When there is a monopole in spacetime, then we are forced to introduce the bundle and connection.

Assume there is a monopole sitting at the origin. The magnetic field generated is

\[\mathbf{B} = \frac{q}{r^{2}} \partial_ {r}\]

where $\partial_ {r}$ is the radial vector basis. In the language of forms, $B$ is a two form

\[B = i_ {\mathbf{B}}\text{Vol}^{3} = d[q(1-\cos \theta)d\phi],\]

which is obviously not defined on the negative $z$-axis, thus the potential is given by

\[A_ {U} = q(1-\cos \theta)d\phi\]

on $\mathbb{R}^{3}$ minus the negative z-axis. In the complementary region

\[V = \mathbb{R}^{3} - \text{positive }z\text{-axis}\]

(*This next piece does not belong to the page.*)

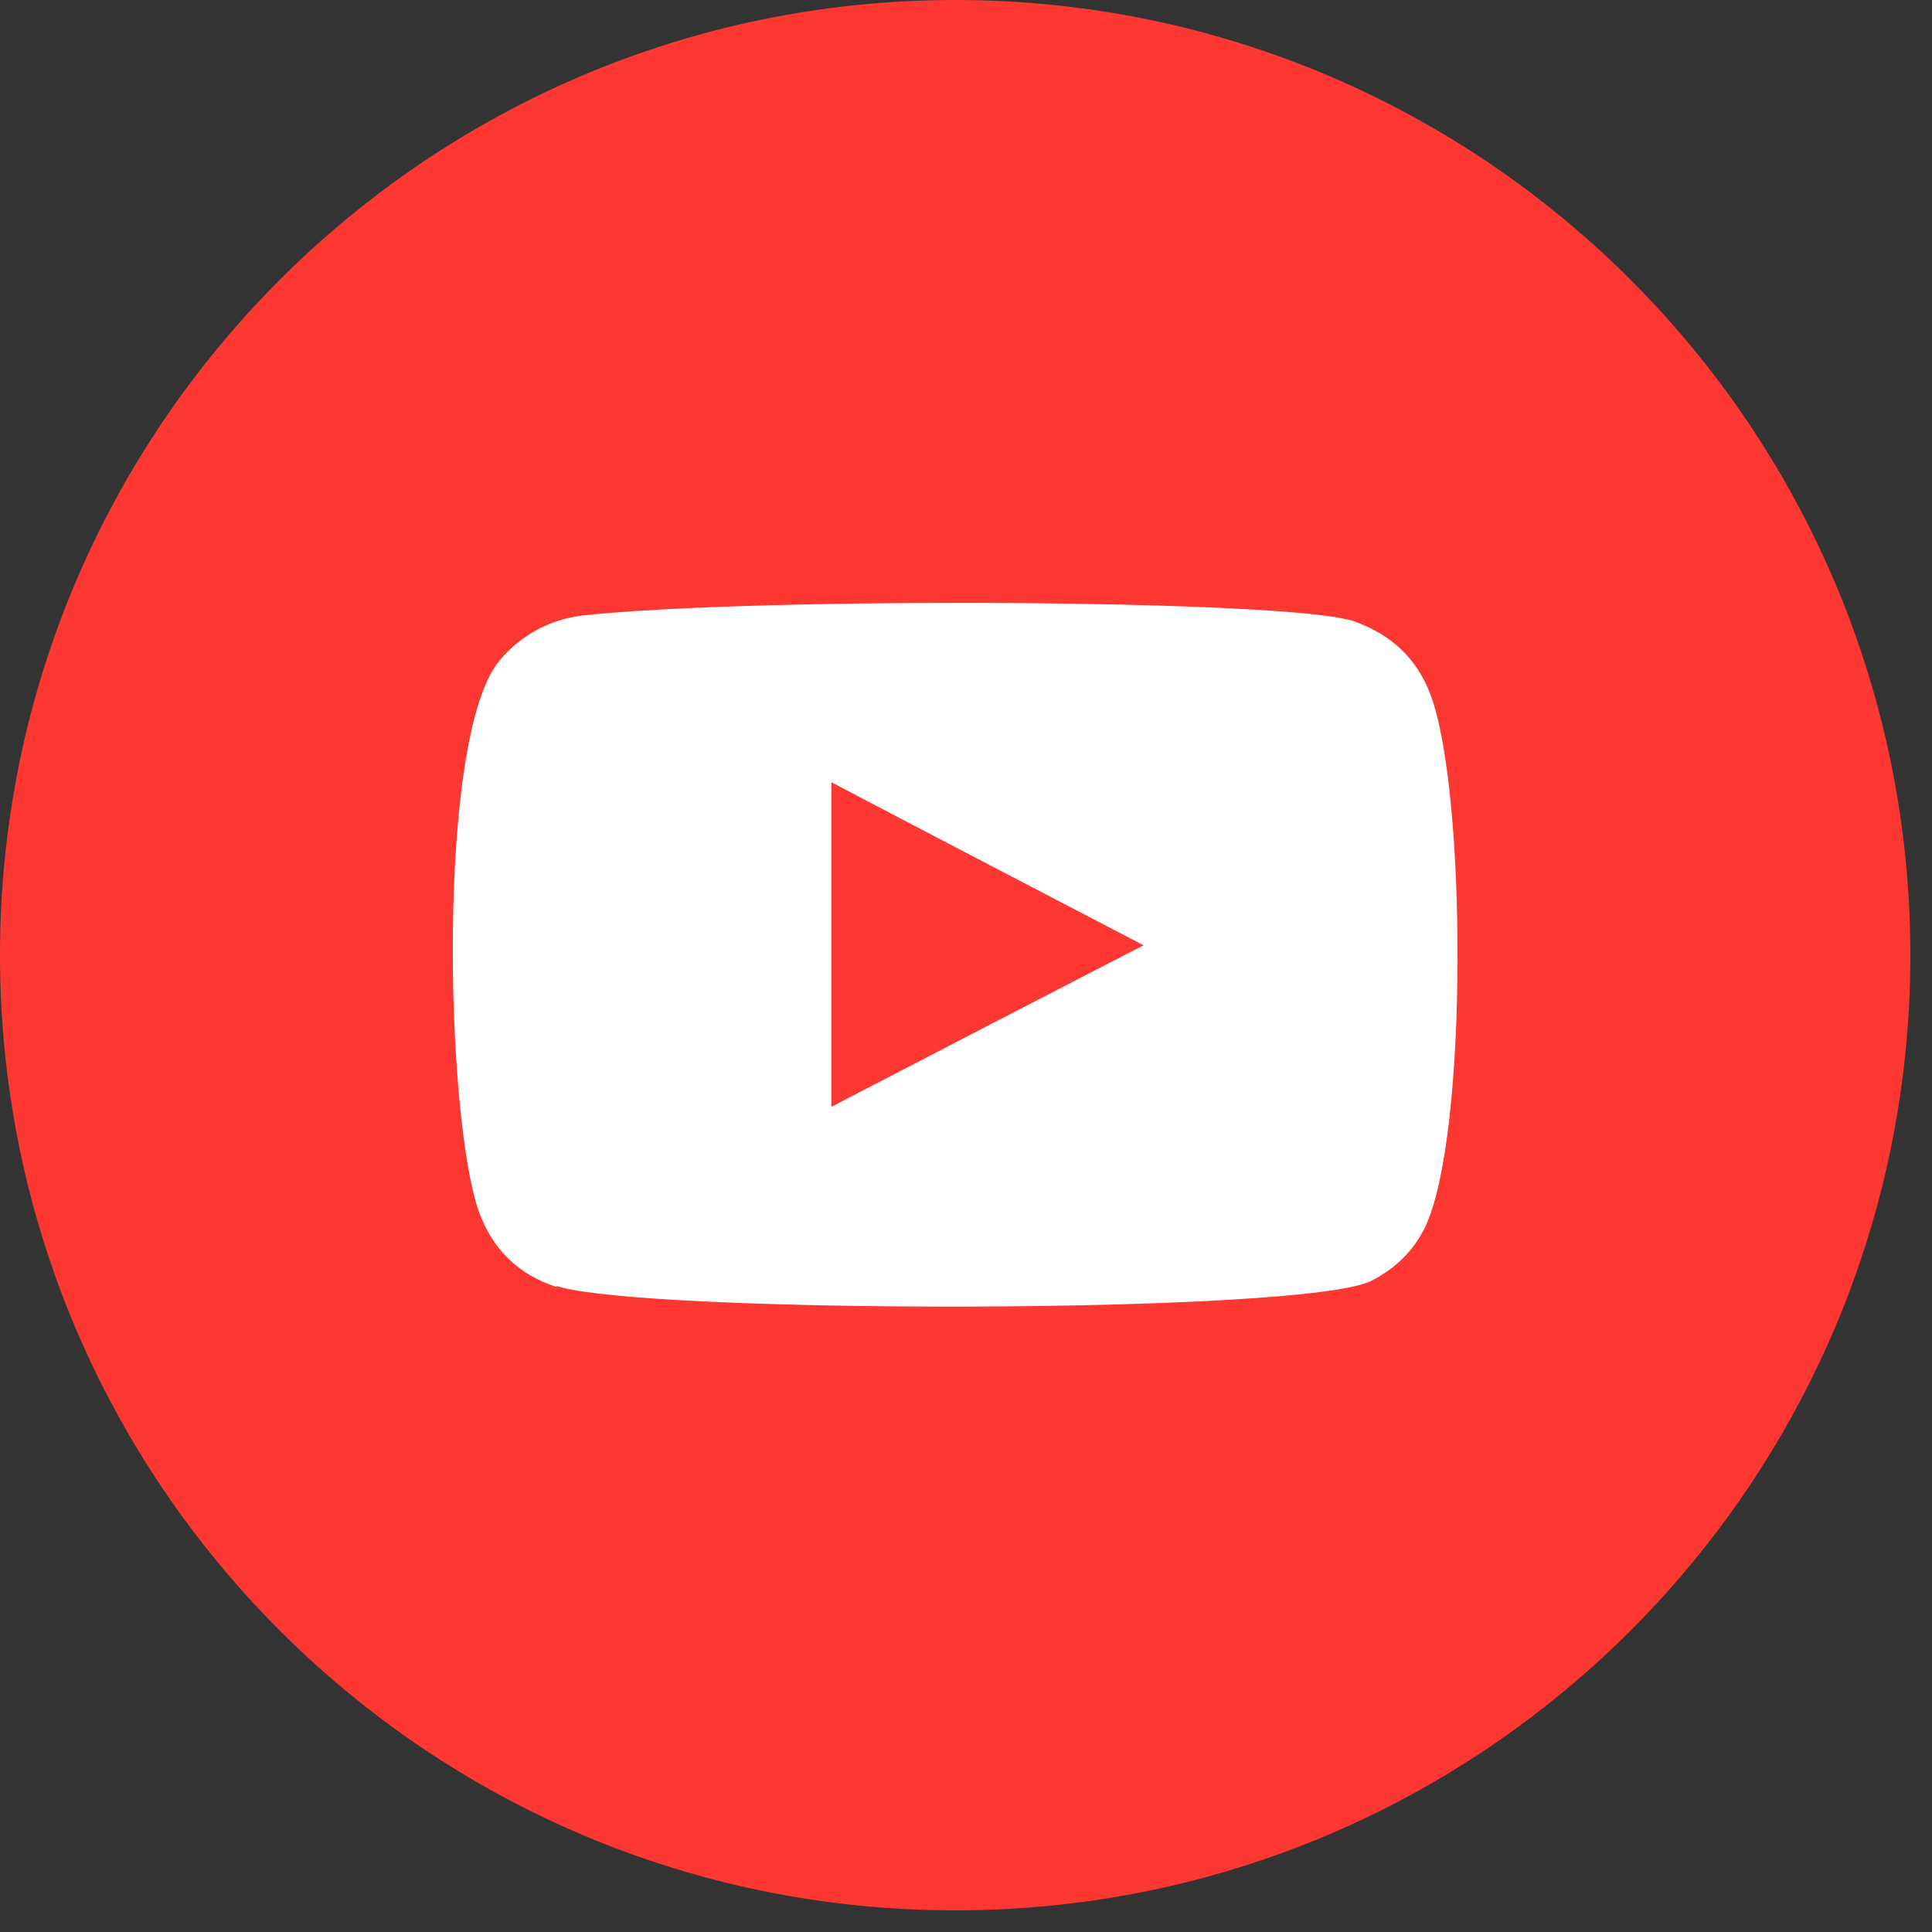 <?xml version="1.0" encoding="UTF-8"?> <svg xmlns="http://www.w3.org/2000/svg" width="25" height="25" viewBox="0 0 25 25" fill="none"><rect x="0" y="0" width="25" height="25" fill="#333333" stroke="none"/><path d="M12.36 24.72C19.186 24.72 24.72 19.186 24.72 12.36C24.72 5.534 19.186 0 12.36 0C5.534 0 0 5.534 0 12.36C0 19.186 5.534 24.72 12.36 24.72Z" fill="#FD3832"></path><path fill-rule="evenodd" clip-rule="evenodd" d="M7.198 16.652C6.708 16.492 6.378 16.172 6.198 15.682C5.768 14.492 5.638 9.522 6.468 8.542C6.748 8.212 7.118 8.012 7.558 7.962C9.798 7.722 16.728 7.752 17.528 8.042C17.998 8.212 18.328 8.512 18.508 8.982C18.978 10.212 18.998 14.682 18.448 15.862C18.298 16.182 18.058 16.412 17.748 16.572C16.908 17.012 8.308 17.002 7.208 16.642L7.198 16.652ZM10.758 14.322C12.108 13.622 13.438 12.932 14.798 12.232C13.438 11.522 12.108 10.832 10.758 10.122V14.322Z" fill="white"></path></svg>

the potential is given by $\phi\to-\phi,\theta\to\pi-\theta$ thus

\[A_ {V} = -q(1+\cos \theta)d\phi\]

and Maxwell’s equation holds everywhere on $\mathbb{R}^{3}-\left{ 0 \right}$. The transition function is

\[C_ {VU} = \exp\left( - \frac{2ieq\phi}{\hbar} \right)\]

where $\hbar$ is usually set to zero.

Now the potential is not single valued unless

\[2eq / \hbar = \mathbb{Z}\]

is satisfied.

In the language of curvature, we have

\[\frac{i}{2\pi}\int d\theta \, = \mathbb{Z}\]

where $\theta$ is connected to the magnetic field by

\[\theta = -ie B.\]

In summary, if there exists a monopole, then we must regard the wavefunction as a section of a complex line bundle.